SafariiOSITP 1.0ITP 1.1ITP 2.0ITP 2.1first-party cookiesthird-party cookiesMachine Learning ClassifierStorage Access APIbounce trackerstracker collusioncookie purgingreferrer strippingJavaScript cookie expirationHTTP cookies

Intelligent Tracking Prevention (ITP) is a WebKit feature shipped in Safari 12 and iOS 11 that changes how Safari handles first-party cookies — effectively narrowing one of the last remaining avenues for cross-site tracking. This article walks through what ITP is, the mechanism behind it, and how each version from 1.0 through 2.3 tightened the restrictions.

Table of Contents

What Is Intelligent Tracking Prevention?

Intelligent Tracking Prevention is a feature of WebKit, the open-source browser engine that powers Apple's Safari. It shipped with Safari 12 and iOS 11 and is designed to protect user privacy by restricting how first-party cookies can be used for cross-site tracking.
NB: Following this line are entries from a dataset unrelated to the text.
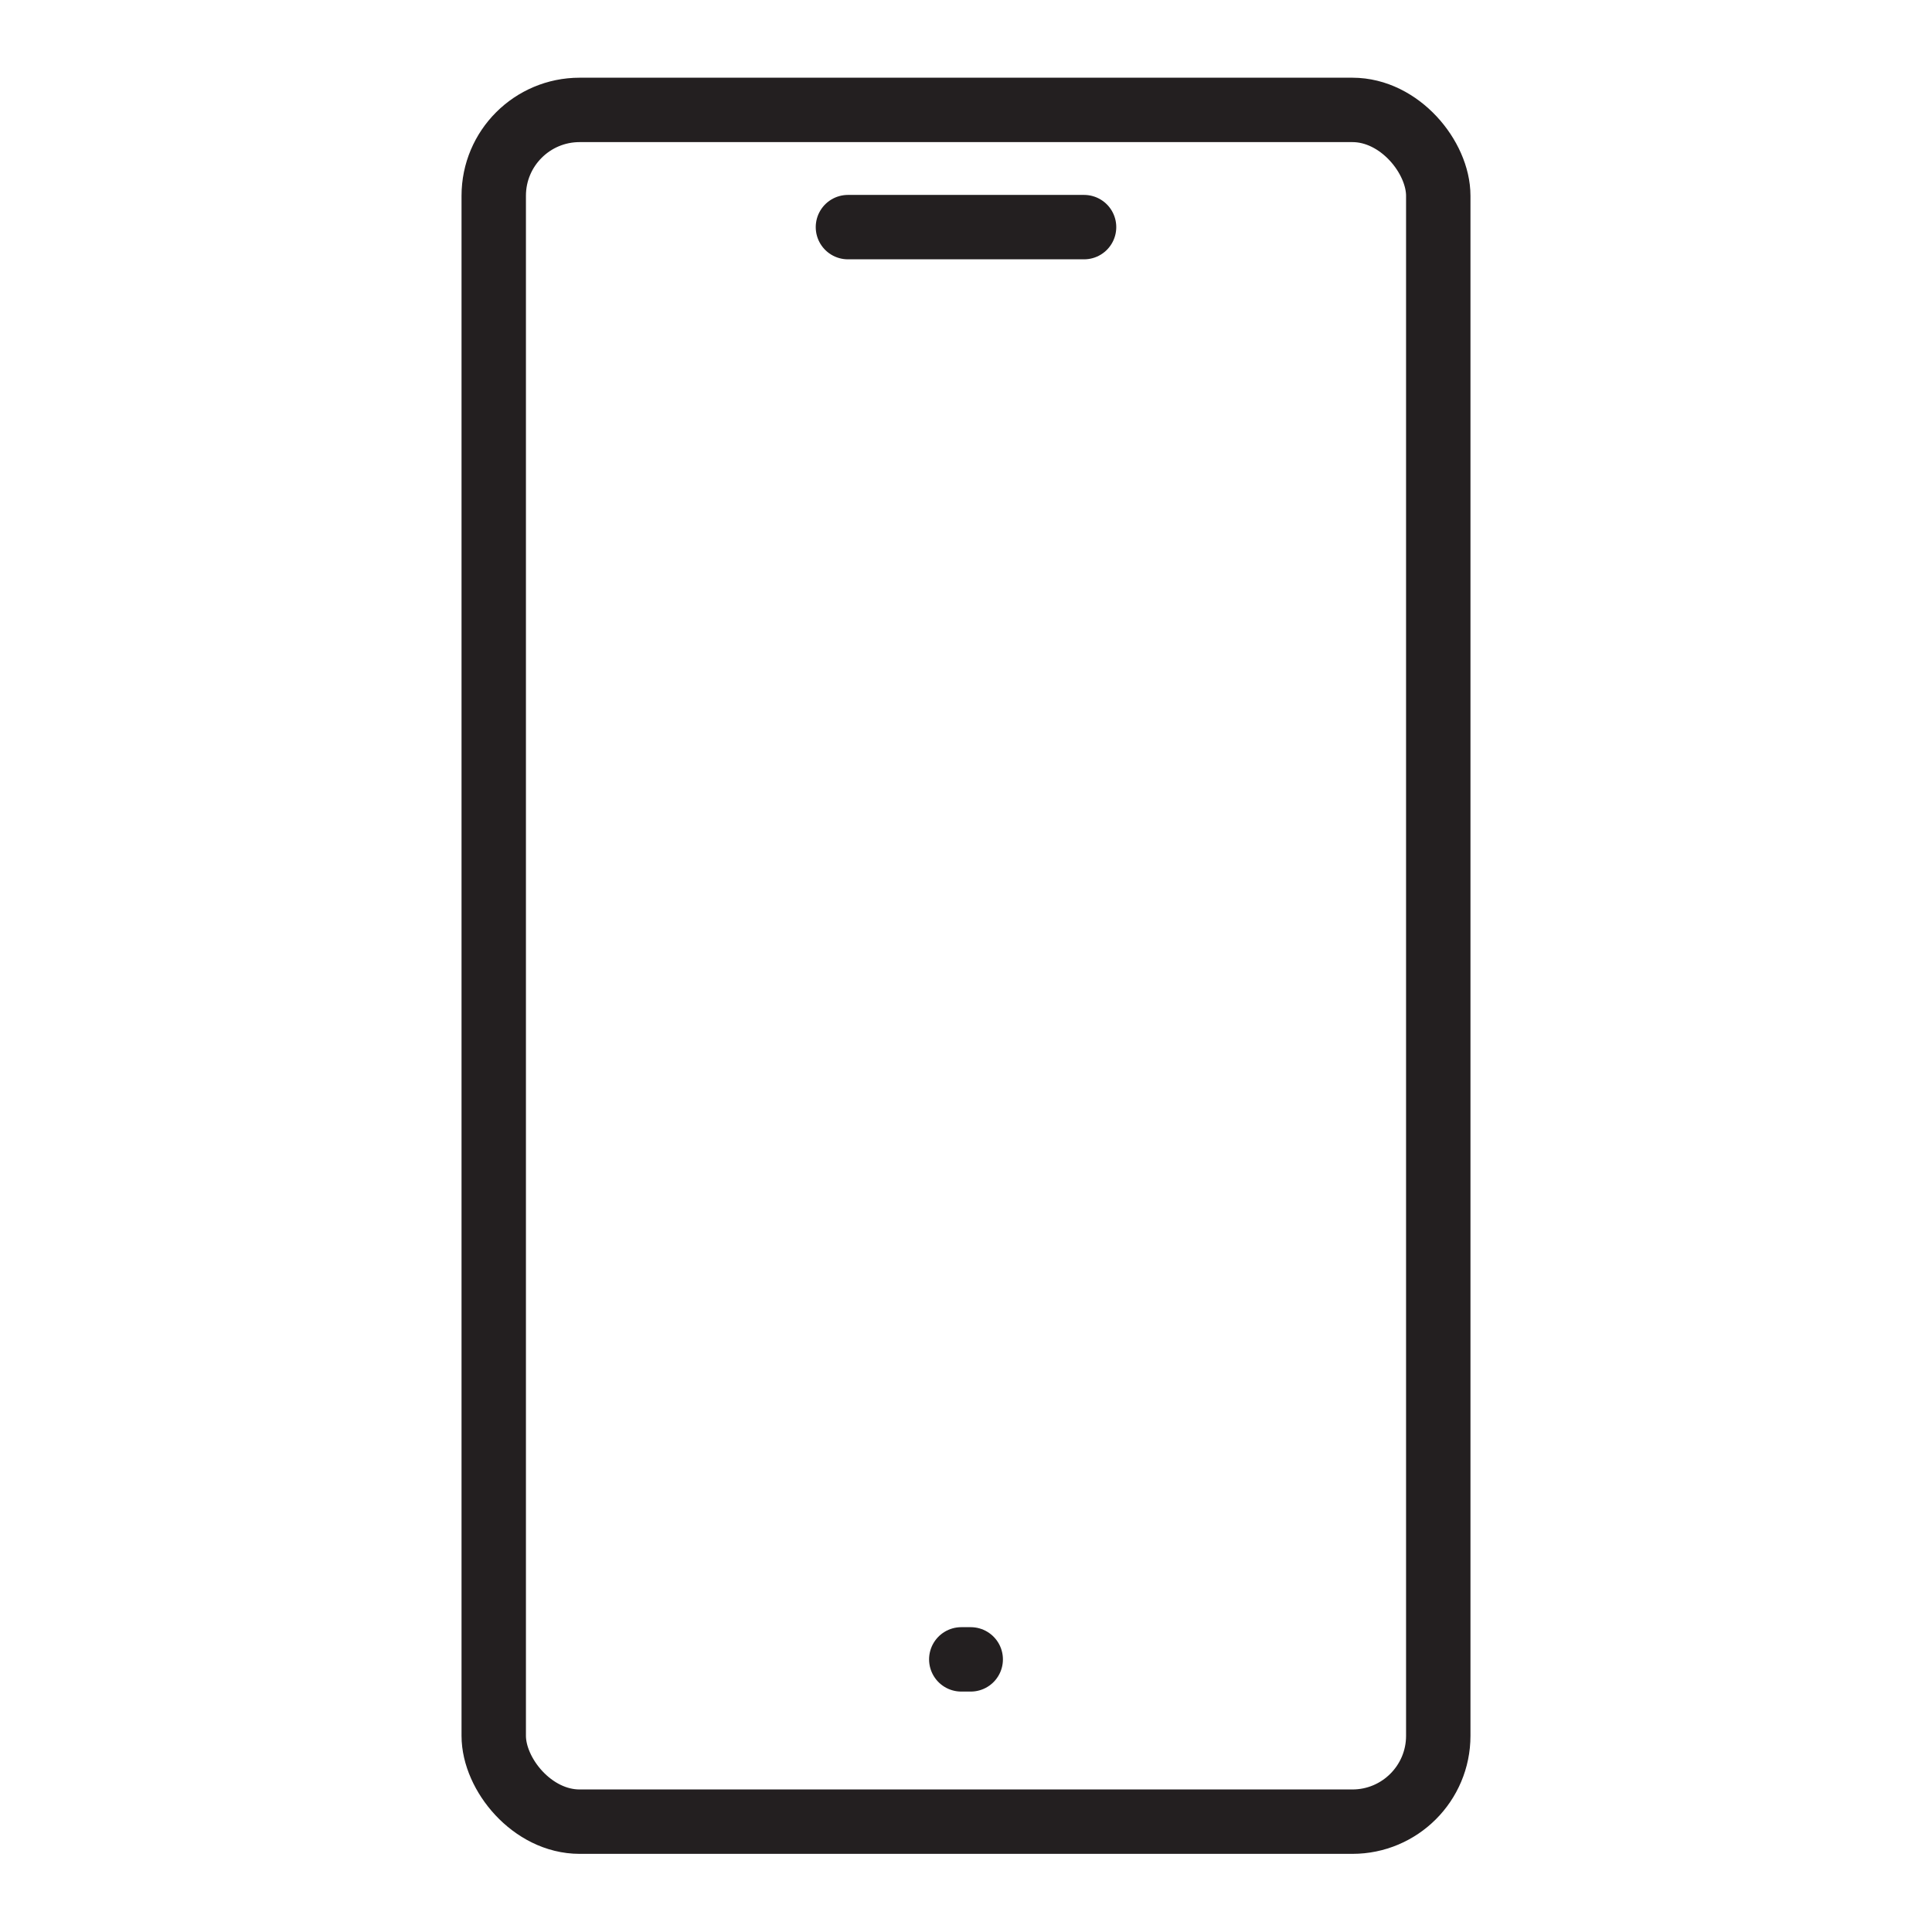 <?xml version="1.0" encoding="UTF-8"?>
<svg id="Layer_1" data-name="Layer 1" xmlns="http://www.w3.org/2000/svg" viewBox="0 0 45 45">
  <rect x="11.5" y="2.56" width="22" height="39.87" rx="2" ry="2" style="fill: none; stroke: #231f20; stroke-linecap: round; stroke-linejoin: round; stroke-width: 1.5px;"/>
  <line x1="19.75" y1="5.29" x2="25.25" y2="5.29" style="fill: none; stroke: #231f20; stroke-linecap: round; stroke-linejoin: round; stroke-width: 1.5px;"/>
  <line x1="22.61" y1="38.65" x2="22.39" y2="38.65" style="fill: none; stroke: #231f20; stroke-linecap: round; stroke-linejoin: round; stroke-width: 1.5px;"/>
</svg>

Prior to ITP, Safari already blocked third-party cookies by default and allowed iOS users to install content blockers from iOS 9 onwards. First-party cookies, however, were left largely untouched — they were considered safe because they serve legitimate user-experience functions. ITP changed that assumption.

How Does It Work?

How Safari's Intelligent Tracking Prevention (ITP) handles cookies and non-cookie data

First-party cookies handle a wide range of essential browser functions, including:

  • Keeping users logged into websites and applications.
  • Remembering which products were added to a shopping cart.
  • Storing website preferences like language selection.
  • Retaining values entered into forms (name, email, etc.).

These are legitimate uses that genuinely improve the browsing experience. The problem is that the same mechanism — a domain setting a cookie in its own first-party context — can be repurposed for cross-site tracking. ITP targets that repurposing specifically.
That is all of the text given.